Here’s an example of a .dir-locals.el file:
((nil . ((indent-tabs-mode . t)
(fill-column . 80)))
(c-mode . ((c-file-style . "BSD")
(subdirs . nil)))
("src/imported"
. ((nil . ((change-log-default-name
. "ChangeLog.local"))))))
This sets ‘indent-tabs-mode’ and
fill-column for any file in the directory tree, and
the indentation style for any C source file. The special
subdirs element is not a variable, but a special
keyword which indicates that the C mode settings are only to be
applied in the current directory, not in any subdirectories.
Finally, it specifies a different ChangeLog file
name for any file in the src/imported
subdirectory.
Instead of editing the .dir-locals.el file by hand, you can use the command M-x add-dir-local-variable. This prompts for a mode or subdirectory name, and for variable and value, and adds the entry defining the directory-local variable. M-x delete-dir-local-variable deletes an entry. M-x copy-file-locals-to-dir-locals copies the file-local variables in the current file into .dir-locals.el.

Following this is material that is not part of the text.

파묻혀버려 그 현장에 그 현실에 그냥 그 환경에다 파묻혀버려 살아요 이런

Another method of specifying directory-local variables is to
define a group of variables/value pairs in a directory
class, using the dir-locals-set-class-variables
function; then, tell Emacs which directories correspond to the
class by using the dir-locals-set-directory-class
function. These function calls normally go in your initialization
file (see Init File). This
method is useful when you can’t put
.dir-locals.el in a directory for some reason. For
example, you could apply settings to an unwritable directory this
way:
(dir-locals-set-class-variables 'unwritable-directory '((nil . ((some-useful-setting . value))))) (dir-locals-set-directory-class "/usr/include/" 'unwritable-directory)

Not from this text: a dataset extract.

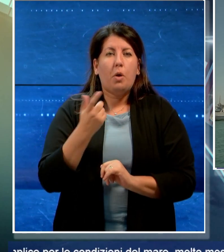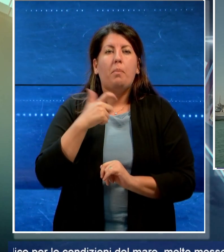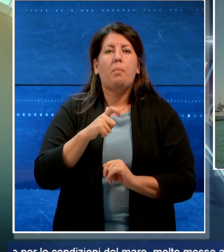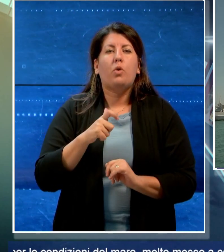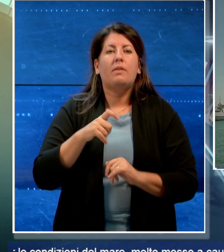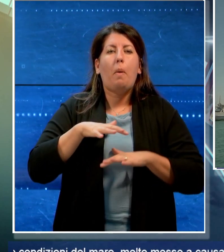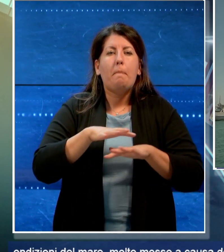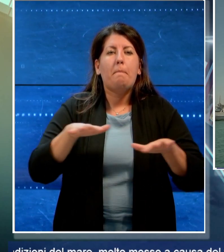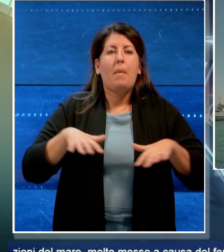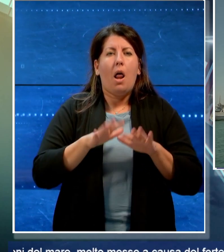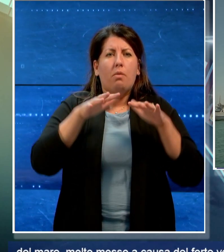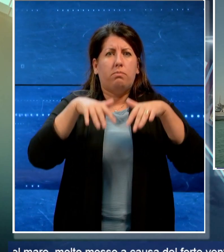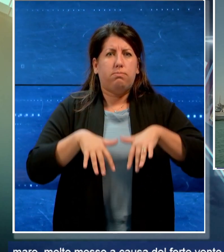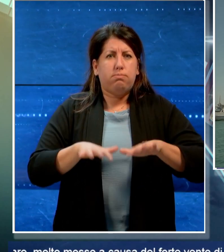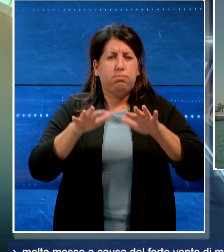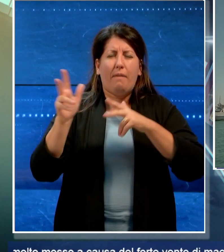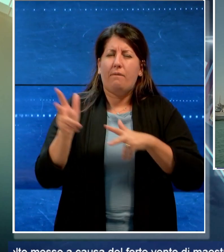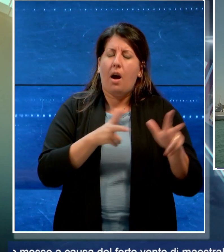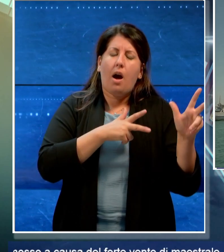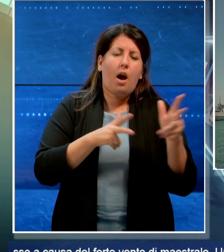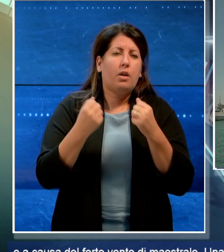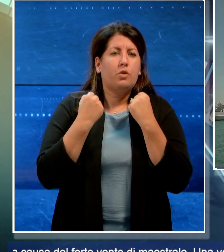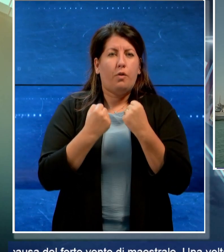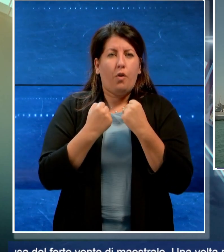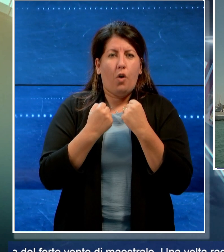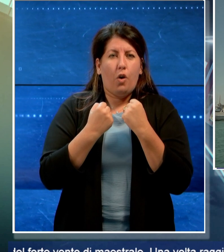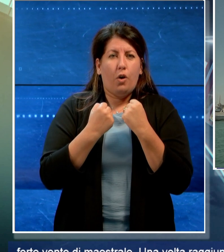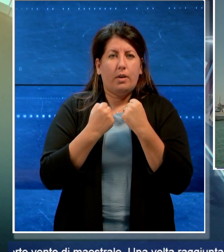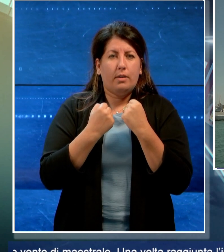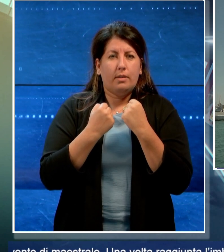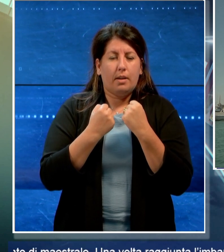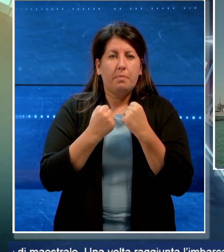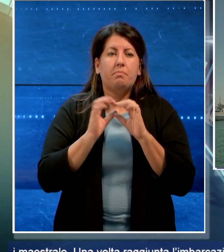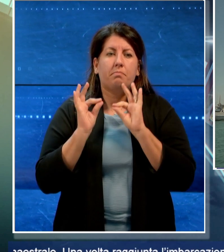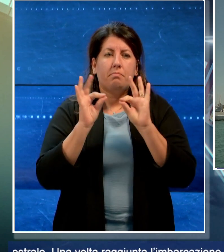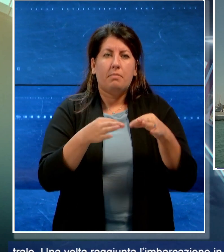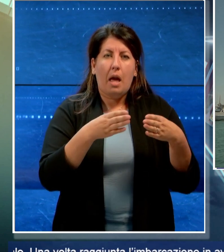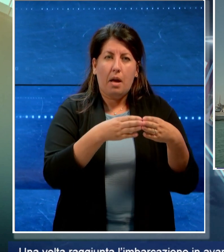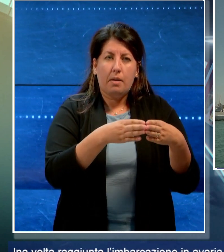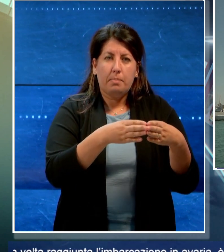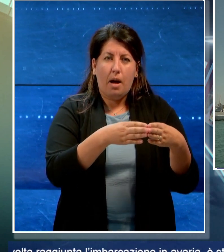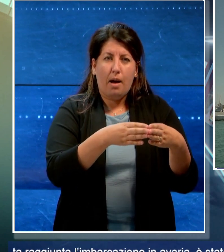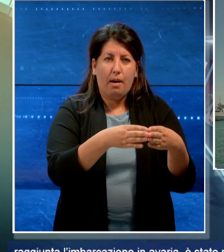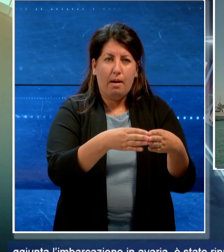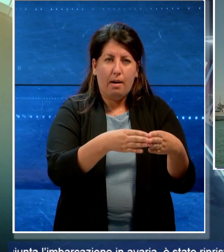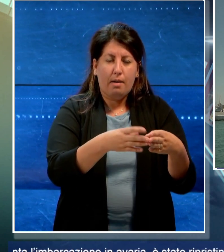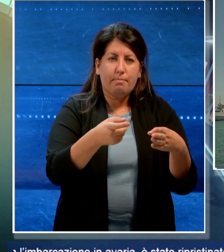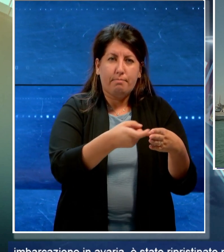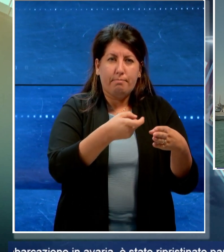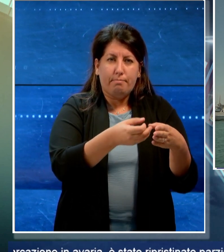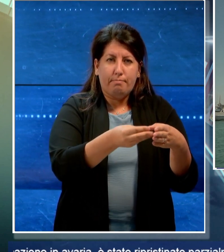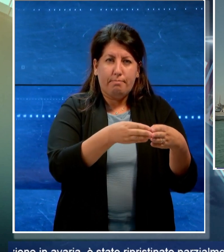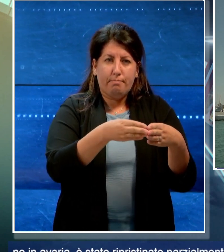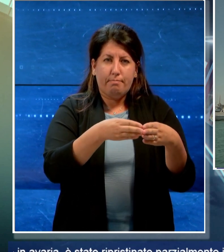mosso e a causa del forte vento. Una volta raggiunta l'imbarcazione in avaria è stato ripristinato

If a variable has both a directory-local and file-local value specified, the file-local value takes effect. Unsafe directory-local variables are handled in the same way as unsafe file-local variables (see Safe File Variables).
Directory-local variables also take effect in certain buffers that do not visit a file directly but perform work within a directory, such as Dired buffers (see Dired).
On MS-DOS, the name of this file should be _dir-locals.el, due to limitations of the DOS filesystems. If the filesystem is limited to 8+3 file names, the name of the file will be truncated by the OS to _dir-loc.el.